I am using “signaling” and “detecting” synonymously: It is important to keep in mind that we don’t know if the test output is correct, only that it gives a signal or alert, like sounding a bell. Methods that enable strong arguments to the absence (or presence) of an error I call strong error probes. Our ability to develop strong arguments from coincidence, I will argue, is the basis for solving the “problem of induction.”
*Where you are in the Journey: I posted all of Excursion 1 Tour I, here, here, and here, omitted Tour II (but blogposts on the Law of Likelihood, Royall, and optional stopping, may be found by searching this blog). SIST Itinerary
In my view, his “never”s give the game away. Once you accept a Leibniz/Newton actually infinite universe model it all makes sense. Well, that is until you realize it doesn’t. Having said as much, there’s something to the infinite, though it lies forever beyond our ken. We sailors can tack back and forth but never can we aim straightly at the truth. Such is our fate, glorious as uncertainty may be.
Your example baffles me. I don’t see the need for lift-off or whatever. From a Bayesian perspective, it’s simple: you have a model for what your weight might be, you have a model for the errors of the measurement on the scales, you have some data, and put that all together and you have inference about your weight and about the scales. Under just about any reasonable model I can think of, your inference is that you’ve probably gained about 3 pounds, but there is some probability that all the scales are biased by enough that you’ve gained less than 3 pounds, or possibly more: there will be some posterior distribution that depends on the details of your model, but the point is that this is all plain old deductive reasoning.
Depending on the data, some model expansion might be required. For example, suppose the scales said that you gained 30 pounds, but you’re doubtful: your clothes still fit and you don’t look any bigger than before. Then: (a) you probably will want to expand your model to include possibilities such as, the scale is completely busted, someone’s playing a trick on you, etc., and (b) you’re including additional information in your inference (in this case, information about how your clothes fit and how you look).

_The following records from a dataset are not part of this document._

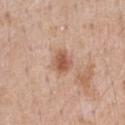| field | value |
|---|---|
| follow-up | catalogued during a skin exam; not biopsied |
| body site | the chest |
| patient | male, approximately 55 years of age |
| image | ~15 mm tile from a whole-body skin photo |
| illumination | white-light illumination |
| diameter | ≈2.5 mm |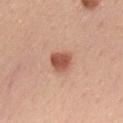Case summary:
– biopsy status: total-body-photography surveillance lesion; no biopsy
– illumination: white-light illumination
– subject: male, roughly 60 years of age
– body site: the upper back
– image source: total-body-photography crop, ~15 mm field of view
– size: ~3 mm (longest diameter)
– automated lesion analysis: an average lesion color of about L≈54 a*≈26 b*≈30 (CIELAB), roughly 14 lightness units darker than nearby skin, and a lesion-to-skin contrast of about 9.5 (normalized; higher = more distinct); a border-irregularity rating of about 2/10, a color-variation rating of about 3/10, and radial color variation of about 1; a classifier nevus-likeness of about 100/100 and lesion-presence confidence of about 100/100

As I’ve written in various places, this sort of model expansion represents a Cantorian hole in Bayesian inference (or, for that matter, any sort of statistical inference), so it’s something to worry about. But the lift-off thing you’re talking about: I don’t see the need for it as a separate concept. It seems to me that inference for specific cases comes deductively from an assumed model, which is how we go about the world in so many ways.